Dataset excerpts
-.-.-
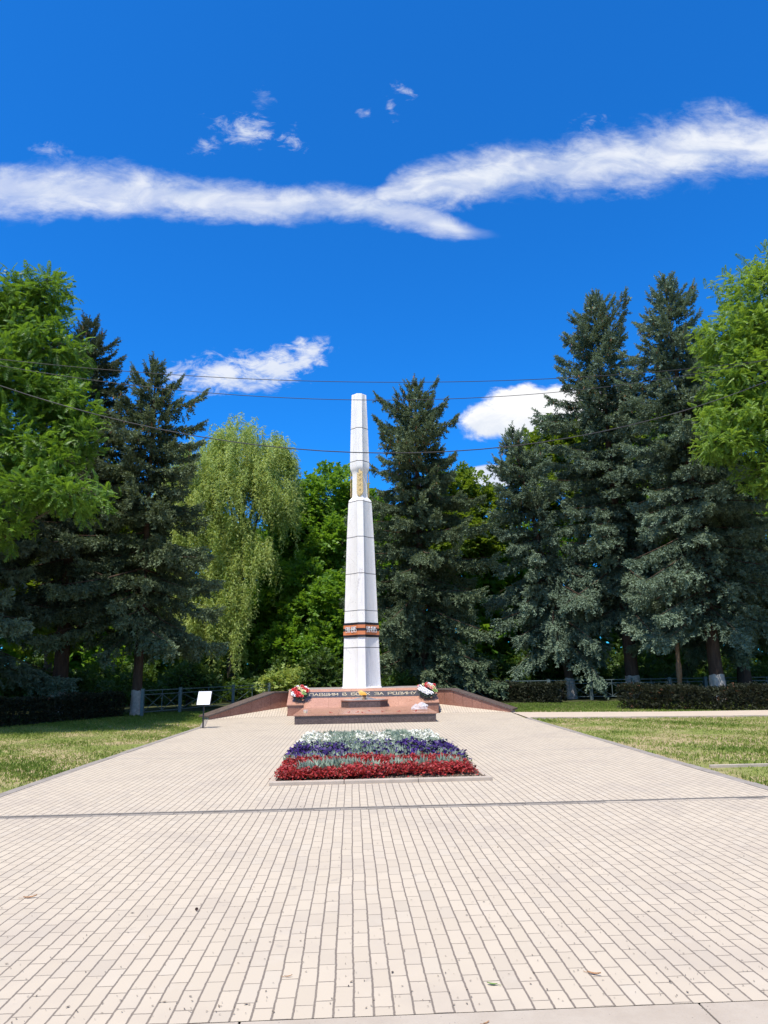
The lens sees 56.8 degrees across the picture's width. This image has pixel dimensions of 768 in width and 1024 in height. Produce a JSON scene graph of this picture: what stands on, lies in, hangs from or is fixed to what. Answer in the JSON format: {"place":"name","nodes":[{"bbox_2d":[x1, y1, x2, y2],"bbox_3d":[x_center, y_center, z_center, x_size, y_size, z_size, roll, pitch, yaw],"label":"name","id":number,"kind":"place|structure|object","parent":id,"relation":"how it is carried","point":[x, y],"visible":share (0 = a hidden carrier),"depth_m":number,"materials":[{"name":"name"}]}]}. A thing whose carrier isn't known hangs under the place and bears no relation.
{"place":"outdoors","nodes":[
{"label":"outdoors","id":0,"kind":"place"},
{"bbox_2d":[0,359,765,382],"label":"overhead cable","id":1,"kind":"object","parent":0,"point":[376,382],"visible":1,"depth_m":17.15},
{"bbox_2d":[0,799,767,1023],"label":"front pavement","id":2,"kind":"structure","parent":0,"point":[163,886],"depth_m":4.98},
{"bbox_2d":[0,731,753,1022],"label":"debris","id":3,"kind":"object","parent":2,"relation":"on","point":[380,928],"visible":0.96,"depth_m":4.16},
{"bbox_2d":[0,712,767,815],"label":"plaza pavement","id":4,"kind":"structure","parent":0,"point":[200,769],"depth_m":11.34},
{"bbox_2d":[196,691,212,727],"bbox_3d":[-5.673,6.238,22.369,0.450,1.155,0.214,-2,-13,3],"label":"information board","id":5,"kind":"object","parent":4,"relation":"on","point":[204,698],"visible":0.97,"depth_m":22.40,"materials":[{"name":"white metal"}]},
{"bbox_2d":[216,707,286,718],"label":"paved ramp","id":6,"kind":"structure","parent":4,"relation":"on","point":[275,712],"depth_m":27.57,"materials":[{"name":"beige stone"}]},
{"bbox_2d":[287,686,438,724],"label":"memorial plinth","id":7,"kind":"structure","parent":4,"relation":"on","point":[318,705],"depth_m":27.62,"materials":[{"name":"brown stone"}]},
{"bbox_2d":[290,685,310,701],"bbox_3d":[-3.322,7.180,28.147,0.876,0.661,0.681,0,-13,-3],"label":"wreath","id":8,"kind":"object","parent":7,"relation":"on","point":[297,690],"visible":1,"depth_m":28.08,"materials":[{"name":"red plant"}]},
{"bbox_2d":[342,393,380,687],"bbox_3d":[-1.069,1.047,32.035,1.457,13.355,1.457,-12,-17,41],"label":"obelisk","id":9,"kind":"object","parent":7,"relation":"on","point":[361,665],"visible":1,"depth_m":31.22,"materials":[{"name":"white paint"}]},
{"bbox_2d":[341,695,387,707],"bbox_3d":[-0.759,7.334,27.573,1.835,0.445,1.097,0,-13,-3],"label":"flame pedestal","id":10,"kind":"object","parent":7,"relation":"on","point":[362,702],"visible":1,"depth_m":27.06,"materials":[{"name":"brown stone"}]},
{"bbox_2d":[417,682,437,698],"bbox_3d":[1.720,7.140,28.380,0.859,0.671,0.696,0,-13,-3],"label":"wreath","id":11,"kind":"object","parent":7,"relation":"on","point":[424,689],"visible":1,"depth_m":28.33,"materials":[{"name":"white plant"}]},
{"bbox_2d":[269,763,492,785],"bbox_3d":[-0.213,4.933,14.527,3.370,0.085,7.900,0,-13,-3],"label":"flower bed","id":12,"kind":"object","parent":4,"relation":"on","point":[314,781],"visible":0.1,"depth_m":10.72,"materials":[{"name":"concrete"}]},
{"bbox_2d":[301,728,440,743],"bbox_3d":[-0.338,5.341,16.881,3.300,0.220,3.164,0,-13,-3],"label":"silver ragwort","id":13,"kind":"object","parent":12,"relation":"on","point":[394,734],"visible":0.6,"depth_m":16.78,"materials":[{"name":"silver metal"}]},
{"bbox_2d":[296,729,446,743],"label":"white petunias","id":14,"kind":"object","parent":12,"relation":"on","point":[321,736],"visible":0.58,"depth_m":17.01,"materials":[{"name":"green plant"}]},
{"bbox_2d":[283,737,463,759],"bbox_3d":[-0.208,4.705,14.099,3.392,0.241,3.406,0,-13,-3],"label":"silver ragwort","id":15,"kind":"object","parent":12,"relation":"on","point":[371,748],"visible":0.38,"depth_m":13.94,"materials":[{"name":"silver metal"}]},
{"bbox_2d":[270,752,478,780],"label":"red begonias","id":16,"kind":"object","parent":12,"relation":"on","point":[287,769],"visible":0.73,"depth_m":11.19,"materials":[{"name":"red plant"}]},
{"bbox_2d":[284,736,471,758],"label":"purple petunias","id":17,"kind":"object","parent":12,"relation":"on","point":[405,741],"visible":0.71,"depth_m":13.97,"materials":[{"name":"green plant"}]},
{"bbox_2d":[285,742,471,760],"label":"petunia leaves","id":18,"kind":"object","parent":12,"relation":"on","point":[328,746],"visible":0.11,"depth_m":14.01,"materials":[{"name":"green plant"}]},
{"bbox_2d":[294,752,465,775],"bbox_3d":[-0.081,4.128,11.713,2.936,0.300,0.895,2,-13,-13],"label":"silver ragwort","id":19,"kind":"object","parent":12,"relation":"on","point":[334,761],"visible":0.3,"depth_m":11.57,"materials":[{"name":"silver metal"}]},
{"bbox_2d":[365,773,485,778],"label":"mulch","id":20,"kind":"object","parent":12,"relation":"on","point":[418,776],"visible":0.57,"depth_m":11.05,"materials":[{"name":"brown soil"}]},
{"bbox_2d":[438,704,504,712],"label":"paved ramp","id":21,"kind":"structure","parent":4,"relation":"on","point":[443,708],"depth_m":28.18,"materials":[{"name":"beige stone"}]},
{"bbox_2d":[0,690,767,1023],"bbox_3d":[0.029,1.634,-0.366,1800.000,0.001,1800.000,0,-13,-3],"label":"ground","id":22,"kind":"structure","parent":0,"point":[216,706],"depth_m":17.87,"materials":[{"name":"green plant"}]},
{"bbox_2d":[0,466,81,696],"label":"spruce tree","id":23,"kind":"object","parent":22,"relation":"on","point":[17,630],"visible":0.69,"depth_m":29.29,"materials":[{"name":"green plant"}]},
{"bbox_2d":[0,659,96,709],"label":"shrub","id":24,"kind":"object","parent":22,"relation":"on","point":[20,692],"visible":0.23,"depth_m":32.08,"materials":[{"name":"green plant"}]},
{"bbox_2d":[0,259,121,562],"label":"broadleaf tree","id":25,"kind":"object","parent":22,"relation":"on","point":[48,459],"visible":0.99,"depth_m":23.77,"materials":[{"name":"green plant"}]},
{"bbox_2d":[0,689,127,726],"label":"hedge","id":26,"kind":"object","parent":22,"relation":"on","point":[47,706],"visible":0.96,"depth_m":26.80,"materials":[{"name":"green plant"}]},
{"bbox_2d":[0,434,140,670],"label":"broadleaf tree","id":27,"kind":"object","parent":22,"relation":"on","point":[48,657],"visible":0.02,"depth_m":36.85,"materials":[{"name":"green plant"}]},
{"bbox_2d":[0,310,170,712],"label":"spruce tree","id":28,"kind":"object","parent":22,"relation":"on","point":[50,564],"visible":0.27,"depth_m":31.51,"materials":[{"name":"green plant"}]},
{"bbox_2d":[0,720,207,796],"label":"kerb strip","id":29,"kind":"object","parent":22,"relation":"on","point":[11,791],"visible":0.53,"depth_m":13.26,"materials":[{"name":"grey concrete"}]},
{"bbox_2d":[23,351,229,715],"bbox_3d":[-11.308,0.519,31.974,8.867,16.708,8.272,0,-13,-3],"label":"spruce tree","id":30,"kind":"object","parent":22,"relation":"on","point":[154,520],"visible":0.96,"depth_m":31.29,"materials":[{"name":"green plant"}]},
{"bbox_2d":[158,659,225,707],"bbox_3d":[-9.854,8.844,36.628,3.446,2.634,2.489,5,-14,-26],"label":"shrub","id":31,"kind":"object","parent":22,"relation":"on","point":[197,676],"visible":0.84,"depth_m":36.38,"materials":[{"name":"green plant"}]},
{"bbox_2d":[140,683,270,715],"bbox_3d":[-7.111,10.135,39.532,0.372,1.145,21.109,-5,-13,16],"label":"metal fence","id":32,"kind":"object","parent":22,"relation":"on","point":[180,707],"visible":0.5,"depth_m":32.13,"materials":[{"name":"black metal"}]},
{"bbox_2d":[136,411,309,698],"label":"willow tree","id":33,"kind":"object","parent":22,"relation":"on","point":[266,481],"visible":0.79,"depth_m":47.79,"materials":[{"name":"green plant"}]},
{"bbox_2d":[199,691,288,719],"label":"wing wall","id":34,"kind":"structure","parent":22,"relation":"on","point":[264,701],"depth_m":27.80,"materials":[{"name":"red stone"}]},
{"bbox_2d":[216,526,334,673],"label":"broadleaf tree","id":35,"kind":"object","parent":22,"relation":"on","point":[277,625],"visible":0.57,"depth_m":49.63,"materials":[{"name":"green plant"}]},
{"bbox_2d":[251,663,314,693],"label":"shrub","id":36,"kind":"object","parent":22,"relation":"on","point":[282,681],"visible":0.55,"depth_m":41.65,"materials":[{"name":"green plant"}]},
{"bbox_2d":[297,645,343,687],"bbox_3d":[-3.248,9.048,39.229,3.092,3.322,2.504,-5,-13,17],"label":"shrub","id":37,"kind":"object","parent":22,"relation":"on","point":[327,676],"visible":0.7,"depth_m":38.95,"materials":[{"name":"green plant"}]},
{"bbox_2d":[260,459,397,621],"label":"broadleaf tree","id":38,"kind":"object","parent":22,"relation":"on","point":[324,538],"visible":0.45,"depth_m":55.55,"materials":[{"name":"green plant"}]},
{"bbox_2d":[291,568,386,671],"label":"broadleaf tree","id":39,"kind":"object","parent":22,"relation":"on","point":[329,634],"visible":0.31,"depth_m":45.90,"materials":[{"name":"green plant"}]},
{"bbox_2d":[0,634,767,705],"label":"undergrowth","id":40,"kind":"object","parent":22,"relation":"on","point":[648,672],"visible":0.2,"depth_m":43.66,"materials":[{"name":"green plant"}]},
{"bbox_2d":[0,488,767,684],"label":"woodland","id":41,"kind":"object","parent":22,"relation":"on","point":[503,645],"visible":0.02,"depth_m":56.20,"materials":[{"name":"green plant"}]},
{"bbox_2d":[0,797,767,818],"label":"drain edging","id":42,"kind":"object","parent":22,"relation":"on","point":[386,808],"visible":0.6,"depth_m":8.72,"materials":[{"name":"concrete"}]},
{"bbox_2d":[0,796,767,817],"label":"drain lip","id":43,"kind":"object","parent":22,"relation":"on","point":[375,806],"visible":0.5,"depth_m":8.82,"materials":[{"name":"grey concrete"}]},
{"bbox_2d":[381,667,430,685],"bbox_3d":[1.010,9.163,36.943,3.639,2.182,2.032,0,-13,-3],"label":"shrub","id":44,"kind":"object","parent":22,"relation":"on","point":[402,678],"visible":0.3,"depth_m":36.70,"materials":[{"name":"green plant"}]},
{"bbox_2d":[336,373,509,699],"bbox_3d":[2.309,1.867,40.708,11.343,20.645,9.697,3,-13,-19],"label":"spruce tree","id":45,"kind":"object","parent":22,"relation":"on","point":[406,616],"visible":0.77,"depth_m":39.58,"materials":[{"name":"green plant"}]},
{"bbox_2d":[396,460,517,579],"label":"broadleaf tree","id":46,"kind":"object","parent":22,"relation":"on","point":[465,482],"visible":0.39,"depth_m":56.33,"materials":[{"name":"green plant"}]},
{"bbox_2d":[437,688,517,712],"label":"wing wall","id":47,"kind":"structure","parent":22,"relation":"on","point":[455,697],"depth_m":28.57,"materials":[{"name":"red stone"}]},
{"bbox_2d":[202,1001,767,1023],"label":"concrete strip","id":48,"kind":"object","parent":22,"relation":"on","point":[749,1012],"visible":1,"depth_m":3.43,"materials":[{"name":"grey concrete"}]},
{"bbox_2d":[455,651,525,692],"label":"shrub","id":49,"kind":"object","parent":22,"relation":"on","point":[503,669],"visible":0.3,"depth_m":40.96,"materials":[{"name":"green plant"}]},
{"bbox_2d":[467,679,567,702],"bbox_3d":[6.810,9.442,37.289,1.279,1.307,6.558,9,-16,-37],"label":"hedge","id":50,"kind":"object","parent":22,"relation":"on","point":[532,693],"visible":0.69,"depth_m":35.92,"materials":[{"name":"green plant"}]},
{"bbox_2d":[480,420,613,698],"bbox_3d":[9.213,2.491,40.870,7.256,16.104,7.663,0,-13,-3],"label":"spruce tree","id":51,"kind":"object","parent":22,"relation":"on","point":[542,597],"visible":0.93,"depth_m":39.96,"materials":[{"name":"green plant"}]},
{"bbox_2d":[519,642,611,696],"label":"shrub","id":52,"kind":"object","parent":22,"relation":"on","point":[541,674],"visible":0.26,"depth_m":42.23,"materials":[{"name":"green plant"}]},
{"bbox_2d":[503,405,667,638],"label":"broadleaf tree","id":53,"kind":"object","parent":22,"relation":"on","point":[553,505],"visible":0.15,"depth_m":51.80,"materials":[{"name":"green plant"}]},
{"bbox_2d":[463,677,767,700],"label":"metal fence","id":54,"kind":"object","parent":22,"relation":"on","point":[704,681],"visible":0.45,"depth_m":37.84,"materials":[{"name":"black metal"}]},
{"bbox_2d":[528,286,703,698],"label":"spruce tree","id":55,"kind":"object","parent":22,"relation":"on","point":[612,528],"visible":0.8,"depth_m":40.45,"materials":[{"name":"green plant"}]},
{"bbox_2d":[527,718,767,789],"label":"kerb strip","id":56,"kind":"object","parent":22,"relation":"on","point":[761,786],"visible":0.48,"depth_m":12.65,"materials":[{"name":"grey concrete"}]},
{"bbox_2d":[530,715,767,718],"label":"path kerb","id":57,"kind":"structure","parent":22,"relation":"on","point":[653,716],"depth_m":23.72,"materials":[{"name":"grey concrete"}]},
{"bbox_2d":[675,640,681,700],"bbox_3d":[13.632,7.347,32.835,0.280,2.950,0.280,0,-13,-3],"label":"carved post","id":58,"kind":"object","parent":22,"relation":"on","point":[678,670],"visible":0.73,"depth_m":32.80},
{"bbox_2d":[611,270,767,699],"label":"spruce tree","id":59,"kind":"object","parent":22,"relation":"on","point":[691,571],"visible":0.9,"depth_m":34.35,"materials":[{"name":"green plant"}]},
{"bbox_2d":[615,681,767,710],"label":"hedge","id":60,"kind":"object","parent":22,"relation":"on","point":[648,692],"visible":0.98,"depth_m":27.43,"materials":[{"name":"green plant"}]},
{"bbox_2d":[619,413,767,672],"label":"broadleaf tree","id":61,"kind":"object","parent":22,"relation":"on","point":[666,539],"visible":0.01,"depth_m":49.00,"materials":[{"name":"green plant"}]},
{"bbox_2d":[625,328,767,695],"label":"spruce tree","id":62,"kind":"object","parent":22,"relation":"on","point":[742,667],"visible":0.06,"depth_m":36.62,"materials":[{"name":"green plant"}]},
{"bbox_2d":[683,239,767,516],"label":"broadleaf tree","id":63,"kind":"object","parent":22,"relation":"on","point":[744,414],"visible":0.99,"depth_m":29.69,"materials":[{"name":"green plant"}]},
{"bbox_2d":[709,763,767,767],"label":"lawn edging","id":64,"kind":"object","parent":22,"relation":"on","point":[736,765],"visible":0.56,"depth_m":11.92,"materials":[{"name":"beige concrete"}]},
{"bbox_2d":[0,381,767,453],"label":"overhead cable","id":65,"kind":"object","parent":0,"point":[376,452],"visible":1,"depth_m":13.59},
{"bbox_2d":[0,359,767,399],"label":"overhead cable","id":66,"kind":"object","parent":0,"point":[349,399],"visible":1,"depth_m":19.10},
{"bbox_2d":[0,0,767,649],"label":"sky","id":67,"kind":"structure","parent":0,"point":[361,194],"materials":[{"name":"blue"}]},
{"bbox_2d":[513,710,767,717],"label":"side path","id":68,"kind":"structure","parent":0,"point":[670,713],"depth_m":25.37,"materials":[{"name":"beige concrete"}]}
]}

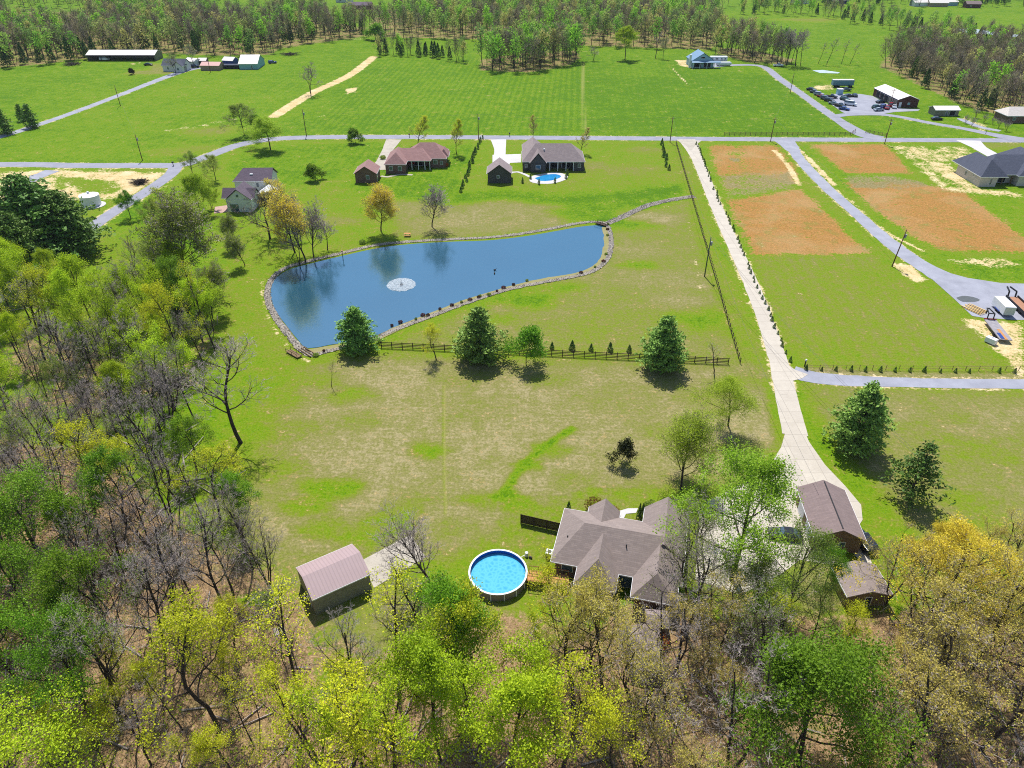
-.-.-
Search the entries for the string "kerb". Copy every line that has it.

{"bbox_2d":[0,720,207,796],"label":"kerb strip","id":29,"kind":"object","parent":22,"relation":"on","point":[11,791],"visible":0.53,"depth_m":13.26,"materials":[{"name":"grey concrete"}]},
{"bbox_2d":[527,718,767,789],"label":"kerb strip","id":56,"kind":"object","parent":22,"relation":"on","point":[761,786],"visible":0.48,"depth_m":12.65,"materials":[{"name":"grey concrete"}]},
{"bbox_2d":[530,715,767,718],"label":"path kerb","id":57,"kind":"structure","parent":22,"relation":"on","point":[653,716],"depth_m":23.72,"materials":[{"name":"grey concrete"}]},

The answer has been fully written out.